10889 WILSHIRE BOULEVARD, SUITE 700
LOS ANGELES, CA 90095-2000
United States

 Nonprofit College or University
Abstract

PROJECT SUMMARY
Acute disseminated encephalomyelitis (ADEM) is an acute autoimmune disease that can present with fever and
ataxia as well as loss of consciousness and coma. ADEM largely affects children, is driven by T and B
lymphocytes aberrantly activated against a myelin antigen, and is strongly associated with a prior infection or
immunization. There is no FDA-approved therapy for the treatment of ADEM, and most cases of ADEM are
treated with corticosteroids. Corticosteroids have significant side effects, including behavioral changes,
hypotension, and tachycardia, and fail to address the significant morbidity and mortality associated with ADEM.

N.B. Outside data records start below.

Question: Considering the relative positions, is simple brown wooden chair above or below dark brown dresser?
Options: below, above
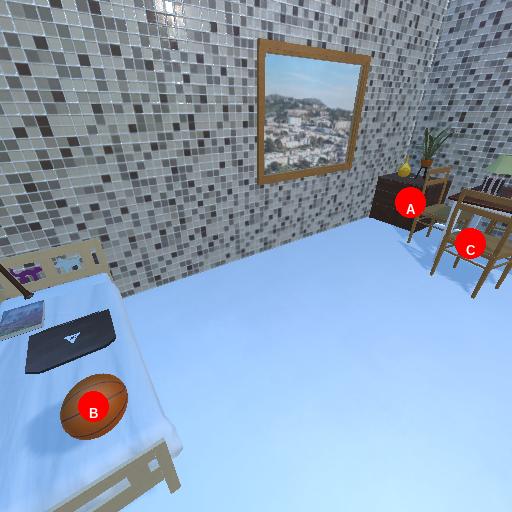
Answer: below
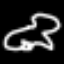
Label: frog
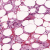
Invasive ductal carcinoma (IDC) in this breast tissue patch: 0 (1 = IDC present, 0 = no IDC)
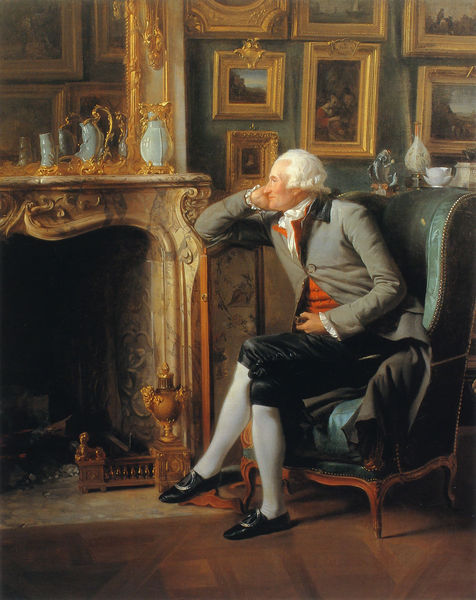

Up to 50% of treated ADEM patients fail to fully recover from the disease, and ADEM has a 5 – 10% mortality
rate. Our company, Trethera, has developed a small molecule drug, TRE-515, that has the potential to selectively
block lymphocyte proliferation in ADEM by inhibiting deoxycytidine kinase (dCK), a key enzyme in the
deoxyribonucleoside salvage pathway. Our preliminary studies show in the MOG35-55 experimental autoimmune
encephalomyelitis (EAE) mouse model of ADEM that (i) immune cells activate dCK during disease, (ii) TRE-515
blocks dCK activity in immune cells, (iii) prophylactic or therapeutic TRE-515 treatments block clinical symptoms,
(iv) TRE-515 treatments lead to fewer immune cell infiltrates in the central nervous system, (v) TRE-515 blocks
B and T cell proliferation without affecting other immune cell types including innate immune cells or regulatory T
and B cells, (vi) TRE-515 increases plasma deoxycytidine levels suggesting a potential biomarker for evaluation
of drug-target engagement, (vii) TRE-515 blocks T cell proliferation in culture, and (viii) TRE-515 treatments and
dCK knockout are not associated with significant toxicities. Based on these preclinical studies and due to its
status as a rare disease, the FDA recently awarded TRE-515 Orphan Drug Designation (ODD) for the treatment
of ADEM. This is the first and only time the FDA has awarded an ODD for the treatment of ADEM. Parallel efforts
to develop TRE-515 as a cancer therapy have led to a Phase I clinical trial for solid tumors. Data from the trial
show TRE-515 treatments are associated with mild side effects and show evidence of efficacy. Collectively,
these data strongly suggest that TRE-515 could be an important new therapy for ADEM. In the proposed project,
we will conduct critical preclinical studies to evaluate the effect of TRE-515 on immune cell development and
determine whether TRE-515 can be combined with corticosteroids for the treatment of the MOG35-55 EAE ADEM
mouse model. This work will be critical for moving TRE-515 into the clinic for ADEM patients and for designing
clinical trials with the highest chance of success.